The IOB ranks second among global exchanges in capital raised via depository receipts, with US$69 billion raised since 2000. Indeed, the IOB is an unrivalled gateway to emerging markets investment, offering exposure to growth stories around the globe. China Pacific Insurance Company (CPIC), for example, listed its GDRs in London on 17 June. The US$1.8 billion listing – the largest debut in London since AIB in June 2017 – is facilitated by the London-Shanghai Stock Connect scheme, launched in 2018 to allow Shanghai-listed companies to add a secondary listing in London and vice versa. Investors’ positive reception augurs well for other stocks already in the pipeline.

Similarly, international investors have displayed an increased preference for investing in Indian growth via London over the past decade, partly due to complexities in the local custody chain. The IOB experienced a particularly strong uptick in trading in Indian GDRs in March and April, mainly driven by portfolio investors seeking to hold Indian stocks in US$-denominated GDRs due to pandemic-related currency uncertainty and the falling Indian Rupee. Strong demand has continued for Indian GDRs, trading in which grew 70% month-on-month in July and was 379% higher than 12 months ago, including US$551 million of trading in Reliance Industries, representing an 805% year-on-year rise. In July, Indian GDRs accounted for 10.2% of all IOB trading.
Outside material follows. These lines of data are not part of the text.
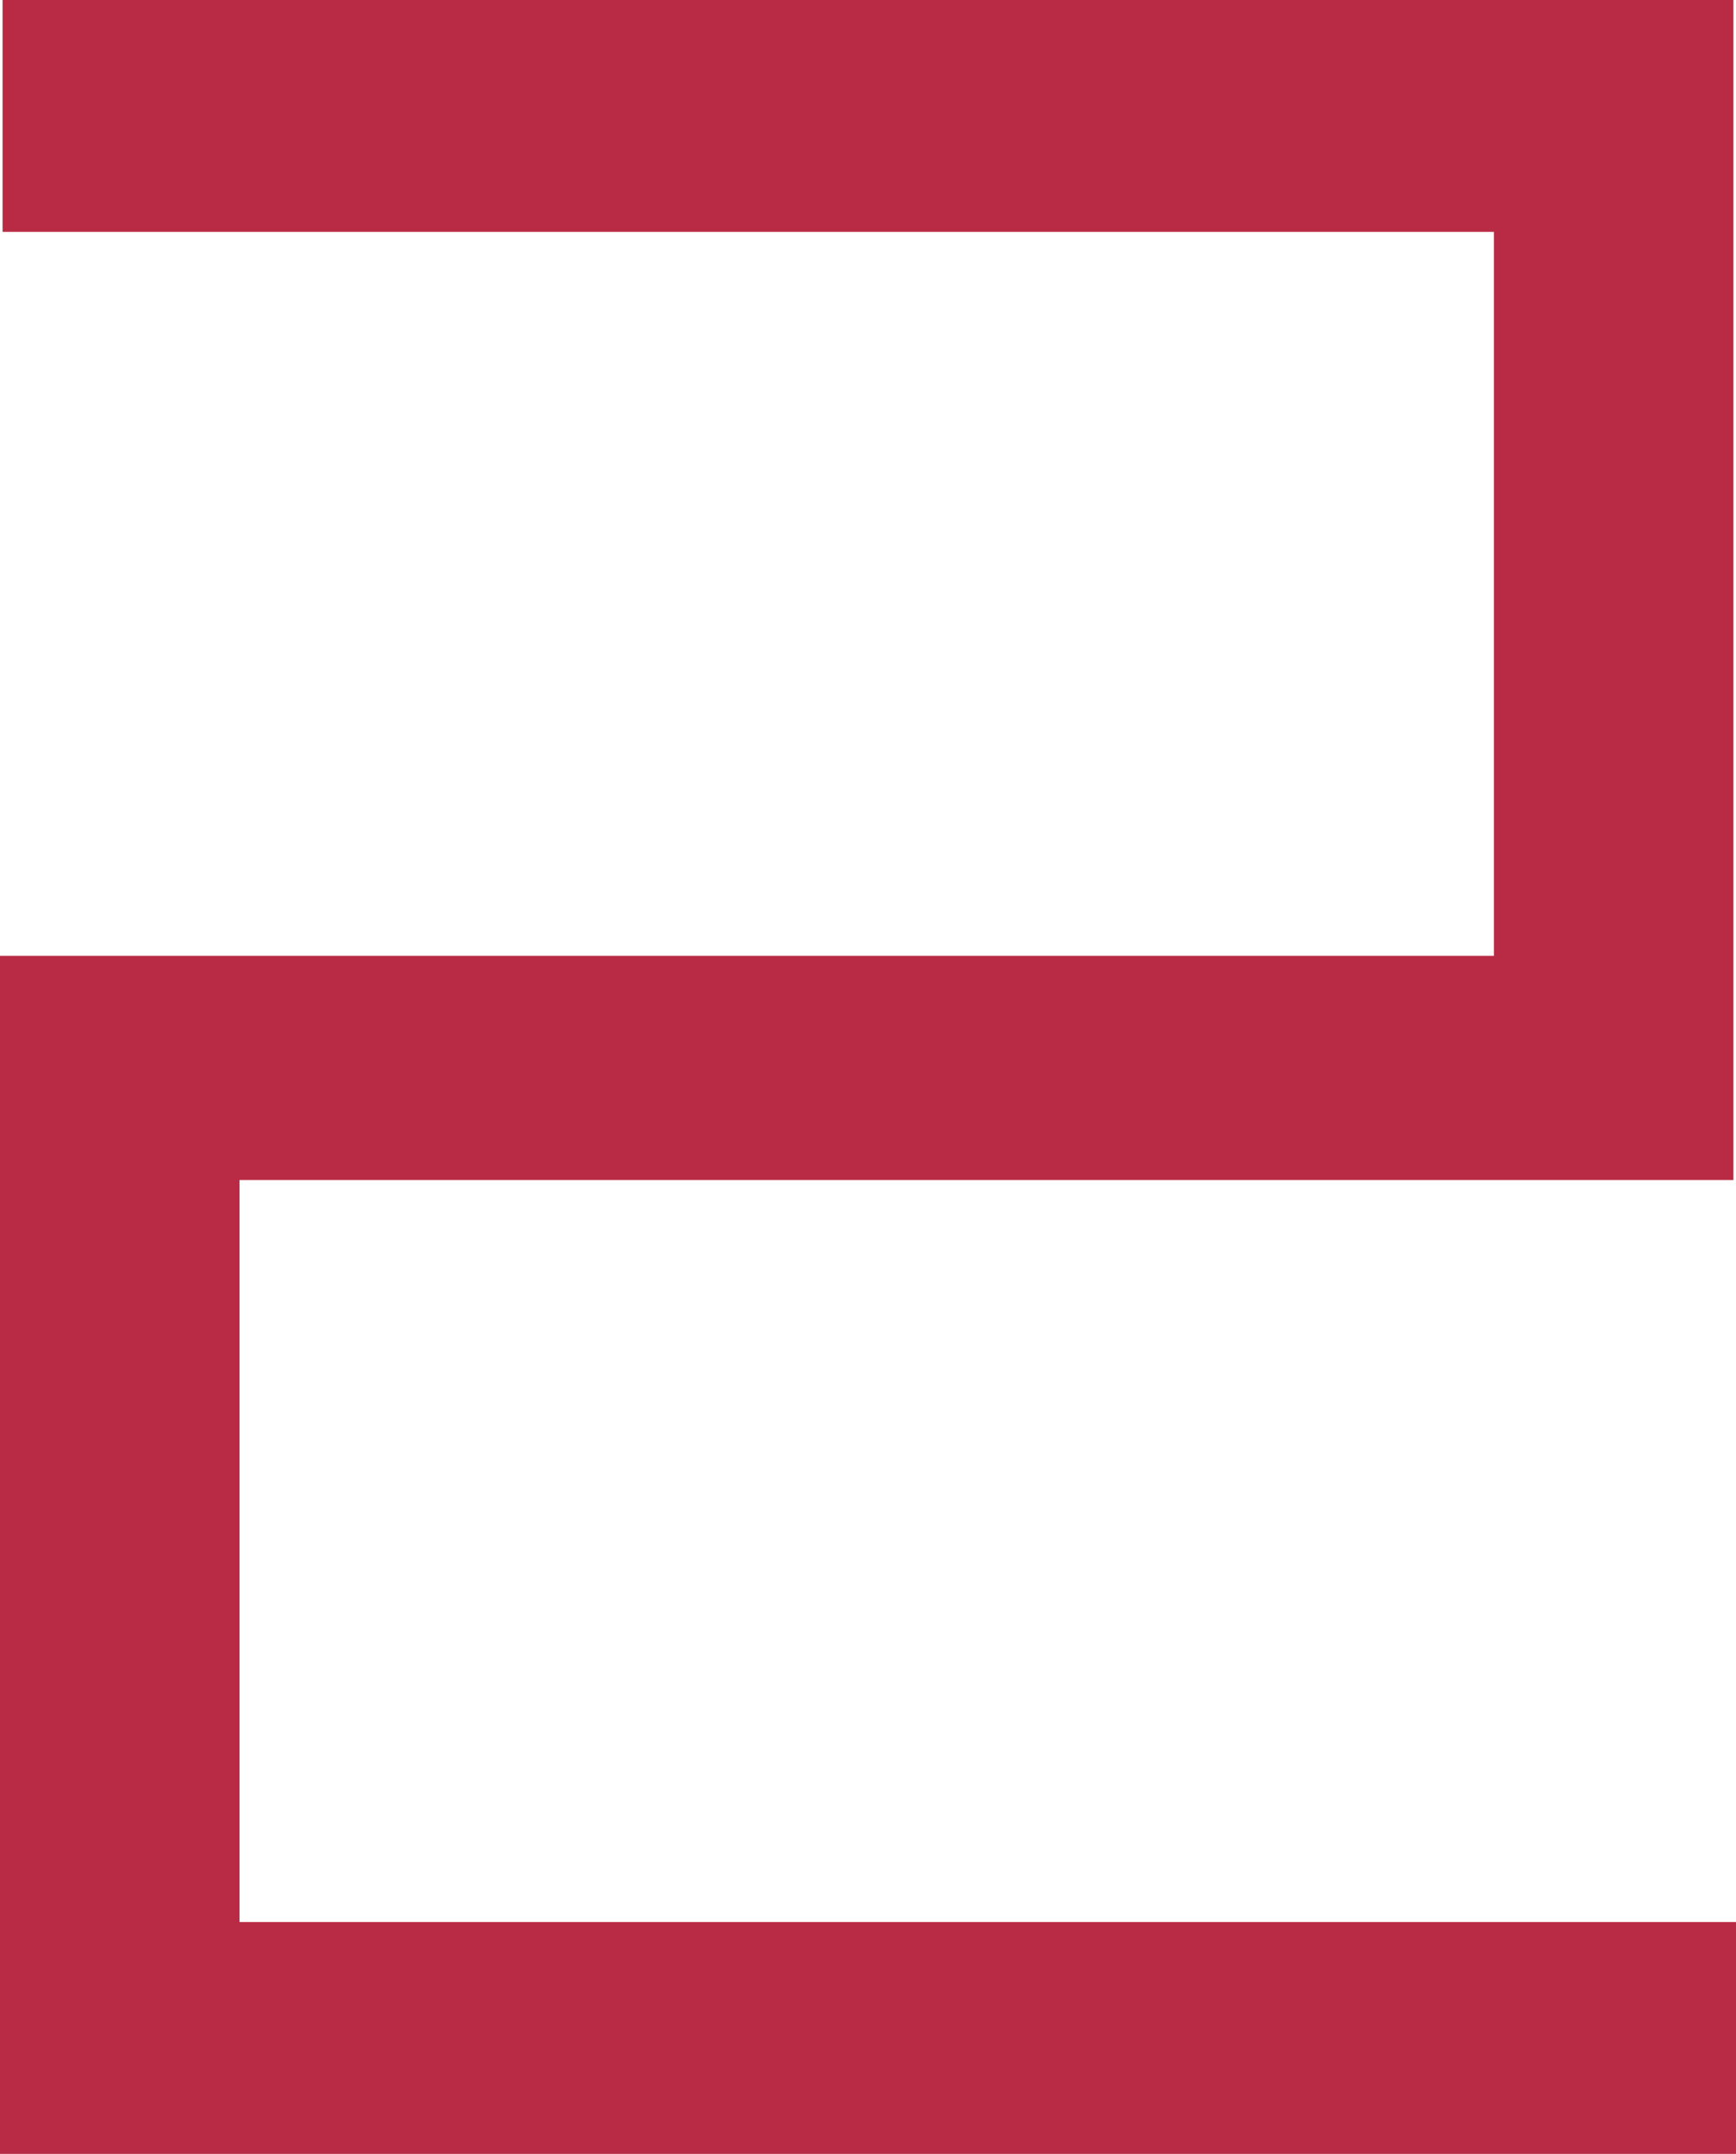 <svg xmlns="http://www.w3.org/2000/svg" width="26.96" height="33.44" viewBox="0 0 26.96 33.44">
  <defs>
    <style>
      .cls-1 {
        fill: #b92b44;
      }
    </style>
  </defs>
  <path id="路径_1244" data-name="路径 1244" class="cls-1" d="M-1.96,2.32v-3.6H-25.2V-12.8H-2V-31.12H-28.88v3.6H-5.72v11.24h-23.2V2.32Z" transform="translate(28.92 31.12)"/>
</svg>

But the IOB’s reach extends well beyond the BRICs. In the first four months of 2020, we saw a 174% year-on-year increase in value traded in Kazakh GDRs to US$235 million, with the Halyk Savings Bank the most traded security, followed by Kazatomprom the biggest uranium company in the world. The same period also witnessed a 57% year-on-year increase in turnover of Egyptian stocks, to US$204 million.

Simplicity and convenience

As well as offering the deepest GDR liquidity in Europe, we support execution quality by catering for multiple trading channels and strategies. The IOB accounted for 84% of all lit trading in GDRs in Europe in Q1 2020, whilst LSEG’s Turquoise MTF captured 40% of dark trading, making it the leading dark GDR venue.

The execution quality of midpoint dark trading has been increasingly evident in recent years, and became more so amid the first quarter’s market turmoil, when market participants sought to trade in large size, as quickly and as cost effectively as possible. This played to the strengths of mid-point pegged orders, which allow large-in-size orders to rest in the Turquoise Plato’s dark order book for a mid-point match.

Demand exploded in Q1 2020, with a 500% quarter-on-quarter rise in the value of IOB securities traded via mid-point pegged orders. On 24 March, 25% of orders for Nornickel, the most heavily-traded IOB security, was traded via mid-point pegged orders.

Of course, sometimes a direct large exposure is not the right option, especially when hedging an existing position. To this end, we have worked closely with FTSE Russell to develop the FTSE IOB index. Containing 124 GDRs with a combined US$1.7 trillion market capitalisation, this weighted index is a highly convenient and cost-effective way to gain exposure to some of the world's fastest-growing markets.

Neither the impact of the pandemic nor drivers of uncertainty in energy prices have yet dissipated. Both retain their potential to surprise market participants, prompting the need to further adjust their perception of risk and return. As portfolio managers assess the investment landscape, we believe London has several well-established advantages as the access point of choice, from its overlaps with the trading day in North America and Asia, to operational resilience and network breadth. But we will also work in partnership, continuing to innovate, to provide liquidity and convenience, and to help keep your options open.